Ex-con and sometime adventurer Scott Lang (Paul Rudd) is days away from completing his two years of house-arrest after illegally helping the fugitive Captain America (during the events of Civil War). But a strange vision of the sub-atomic world he barely escaped during his first outing in the insectoid super-suit leads him to make an illicit phone-call to father and daughter Hank and Hope Pym (Michael Douglas and Evangeline Lilly, respectively) who have also been on the run ever since. Could the dream-like experience mean that Hank’s wife, Janet (Michelle Pfeiffer) – missing in the microverse for decades – is actually alive? Scott, Janet and Hank are willing to risk everything to find out…
But with their window of opportunity growing short, the FBI watching for any breaching of Scott’s agreement, a hustling rival wanting in on the Pym’s technology AND a strange ‘phasing’ figure known as ‘The Ghost’ shadowing their every move, can the team survive all the converging threats to ‘go big’ as well as ‘small’ using their ground-breaking tech…
It wouldn’t be a typical year unless Marvel had at least two heavy-promoted blockbusters in cinemas and after the epic-feel of Avengers: Infinity War, it’s back to basics with a follow-up to 2015’s diminutively-sized-by-comparison Ant-Man. Once again directed by Peyton Reed (who stepped in to the original when Edgar Wright bowed out due to ‘creative differences’) Ant-Man and the Wasp is a bit broader and more assured than the first film. However it doesn’t stray too far from basic expectations – it feels fun but somewhat lightweight, a film that’s just unapologetically hacked the secret to template tent-pole success and decides to play it strictly by those numbers: pace, but no real surprises, zippy, predictable banter rather than heartfelt monologues and one eye / antenna on fast and frenetic set-pieces. After the more somber and cosmic note struck by Infinity War, this is a deliberately lighter affair, a street-level romp that wants to distract and entertain rather than ‘thrill’. To that extent it’s perfectly fine and a fun comedy drama, if not one that is particularly memorable in the broader landscape.

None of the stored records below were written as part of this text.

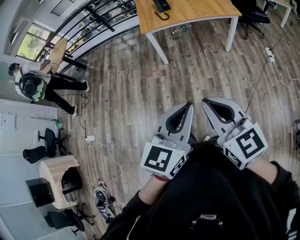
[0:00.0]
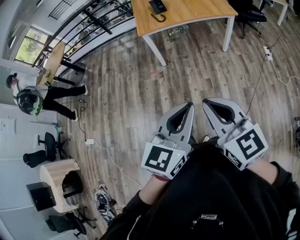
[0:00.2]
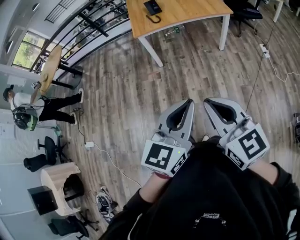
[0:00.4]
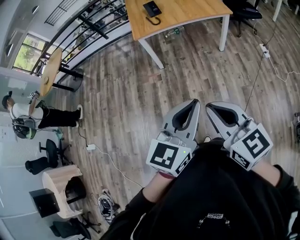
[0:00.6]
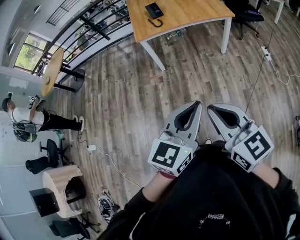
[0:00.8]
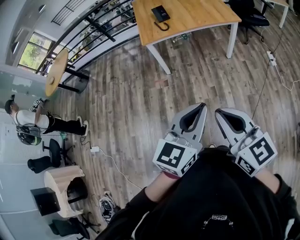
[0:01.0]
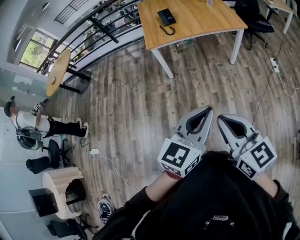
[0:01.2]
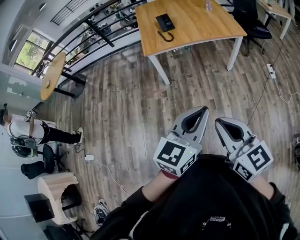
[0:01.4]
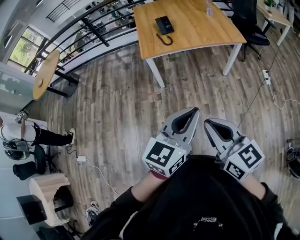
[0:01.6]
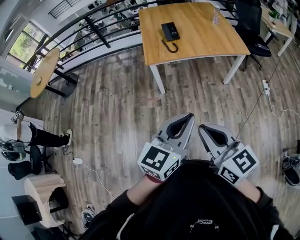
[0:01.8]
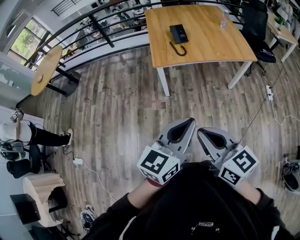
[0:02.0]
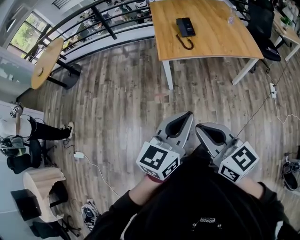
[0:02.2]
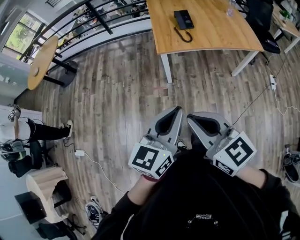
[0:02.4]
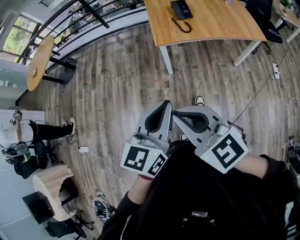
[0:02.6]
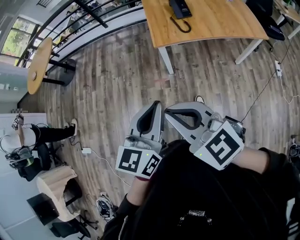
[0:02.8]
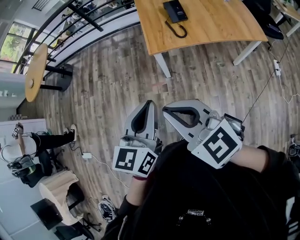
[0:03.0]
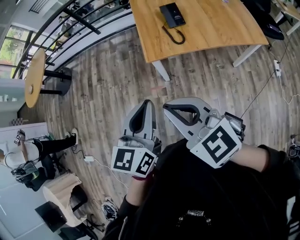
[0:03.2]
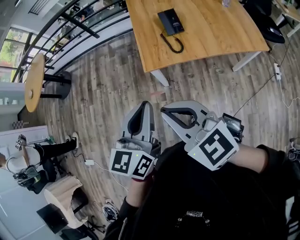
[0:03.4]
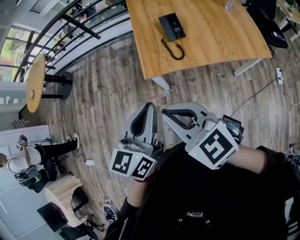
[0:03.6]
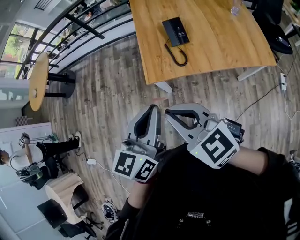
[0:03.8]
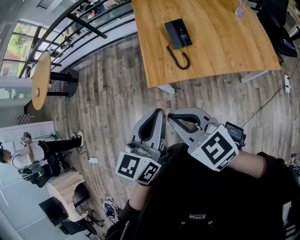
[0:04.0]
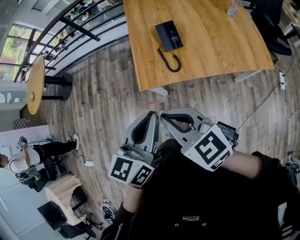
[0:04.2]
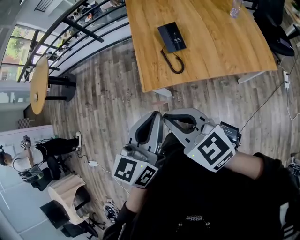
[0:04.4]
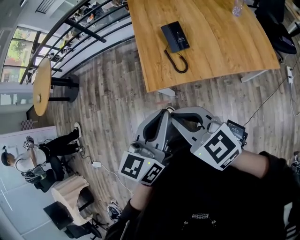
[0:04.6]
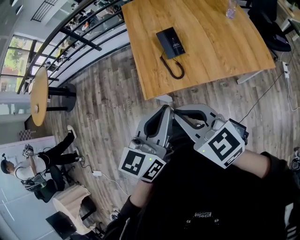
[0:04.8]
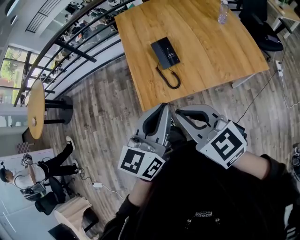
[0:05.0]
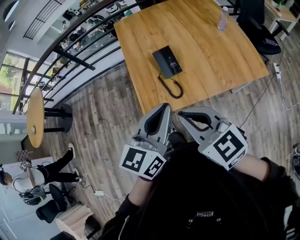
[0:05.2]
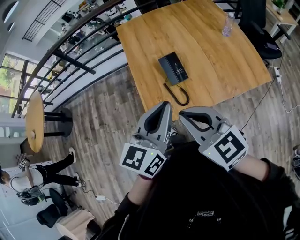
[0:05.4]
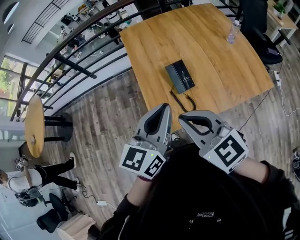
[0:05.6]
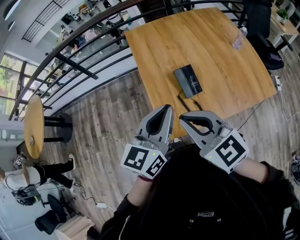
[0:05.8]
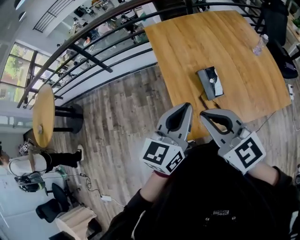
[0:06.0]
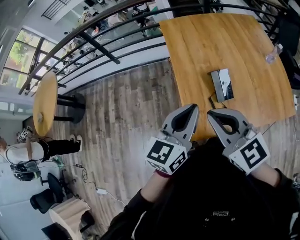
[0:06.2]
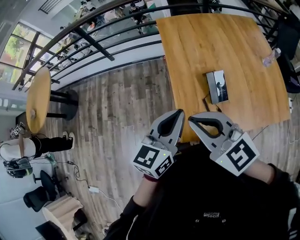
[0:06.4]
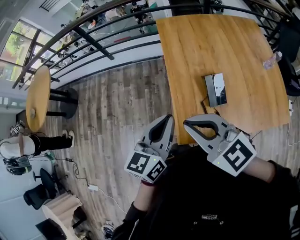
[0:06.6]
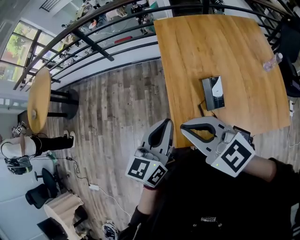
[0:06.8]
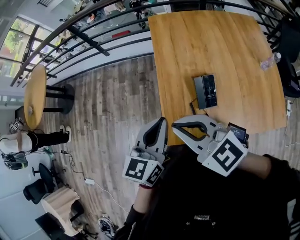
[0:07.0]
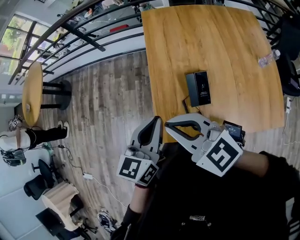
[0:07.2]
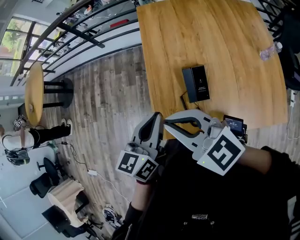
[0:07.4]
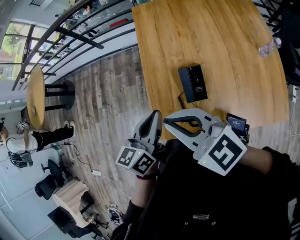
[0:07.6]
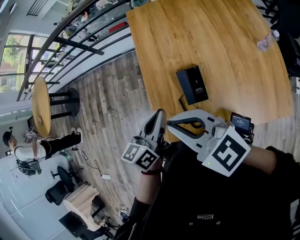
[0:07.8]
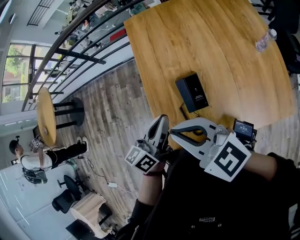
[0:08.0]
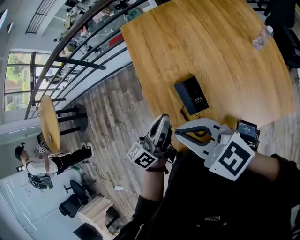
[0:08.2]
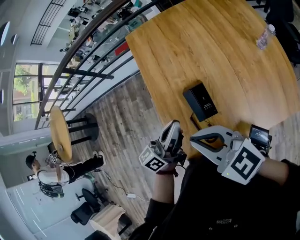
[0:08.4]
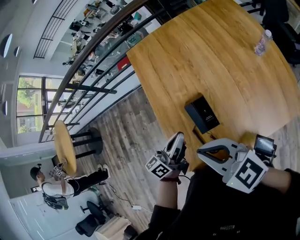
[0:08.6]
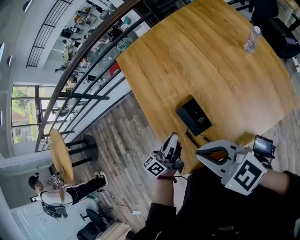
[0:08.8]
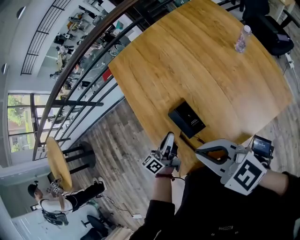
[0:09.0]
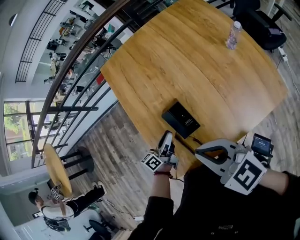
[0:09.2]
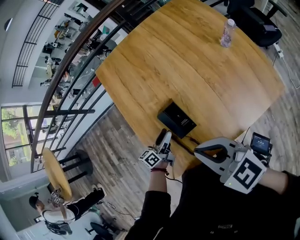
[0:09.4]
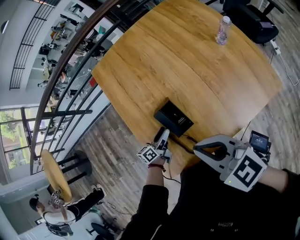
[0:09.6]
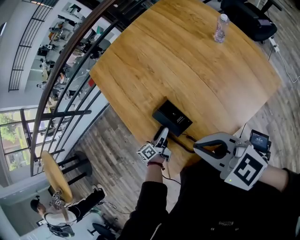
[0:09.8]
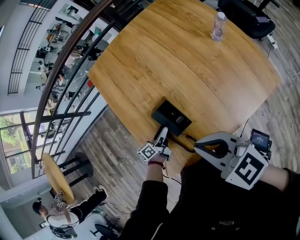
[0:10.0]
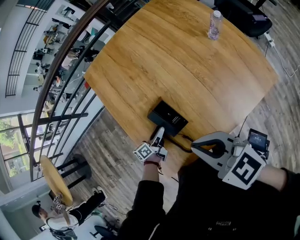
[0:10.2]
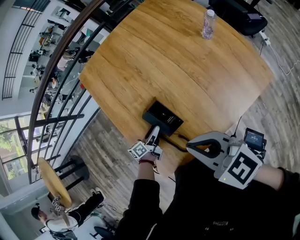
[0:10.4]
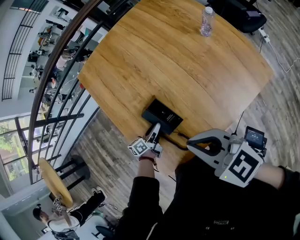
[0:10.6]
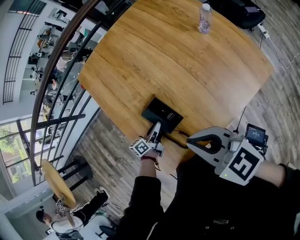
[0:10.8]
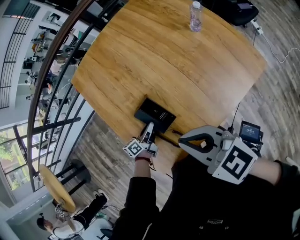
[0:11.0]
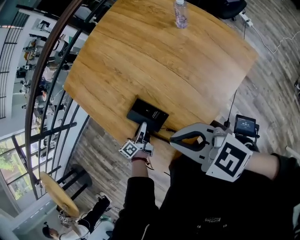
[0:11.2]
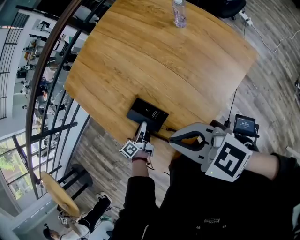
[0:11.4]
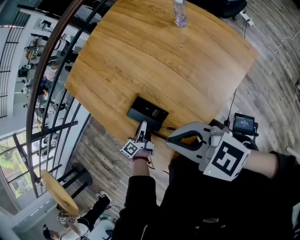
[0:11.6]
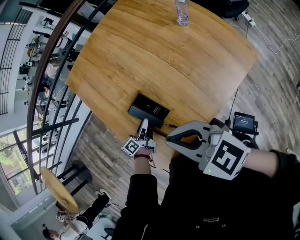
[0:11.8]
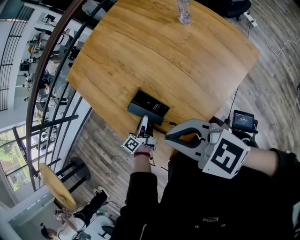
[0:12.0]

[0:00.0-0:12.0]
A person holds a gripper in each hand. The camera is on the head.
0:00.0 to 0:01.6: The grippers both shift forward by approximately 15 cm.
0:01.6 to 0:03.0: Both grippers travel together forward and to the left, roughly 30 cm. The right gripper changes its angle by roughly 20 degrees. Meanwhile the left gripper changes its angle by approximately 20 degrees.
0:03.0 to 0:04.4: The right gripper heads forward and to the right, covering some 25 cm; the left gripper moves to the right and forward, approximately 25 cm.
0:04.4 to 0:06.0: The two grippers go about 25 cm forward.
0:06.0 to 0:07.6: The left gripper travels downward and forward by about 10 cm, and swivels some 30 degrees; the right gripper moves to the right and forward, roughly 10 cm, and rotates some 30 degrees.
0:07.6 to 0:09.0: The left gripper heads downward, forward and to the right, covering approximately 20 cm, and swivels roughly 30 degrees; the right gripper moves to the right, some 15 cm, and rotates roughly 20 degrees.
0:09.0 to 0:10.4: The right gripper shifts approximately 5 cm to the right. Meanwhile the left gripper is displaced downward by roughly 15 cm, rotates some 20 degrees, and opens its fingers.
0:10.4 to 0:12.0: The left gripper closes its fingers.

Though there’s little sexual chemistry between them – any hint of romance feels almost obligatory rather than organic – Rudd and Lilly make a good amiable team, able to physically hit all their marks and fire off sassy one-liners at each other and clearly having a ball. Ironically and not without notice, it’s Lilly’s Janet/Wasp that proves the far more competent crime-fighter than Lang’s by-the-seat-of-his-ants hero. Michael Douglas knows he’s the elder-statesmen and acts accordingly, frowning and rolling his eyes at the youngsters’ attitude. There’s an effort to suggest a slightly darker or at least less responsible research in Hank Pym’s past with others paying the cost, but it’s largely lip-service and nothing that comes close to the domestic-abuser that the comics eventually gave us. At worst, Douglas’ Pym is a frustrated curmudgeon and old-school scientist rather than the carefree con-man he sees in Lang. And though Michelle Pfeiffer’s screen-time is limited as the quantum-annexed Janet van Dyne, she’s still stylish and charismatic after as many decades in the business and still oozes that confidence in every scene she’s in. Laurence Fishburne starts out as a moral compass, another veteran to add weight to proceedings and Yorkshire-born Hannah John-Kamen as the enigmatic Ava / The Ghost gives her character an exotic quality and a solid reason for her actions rather than being just a de facto antagonist.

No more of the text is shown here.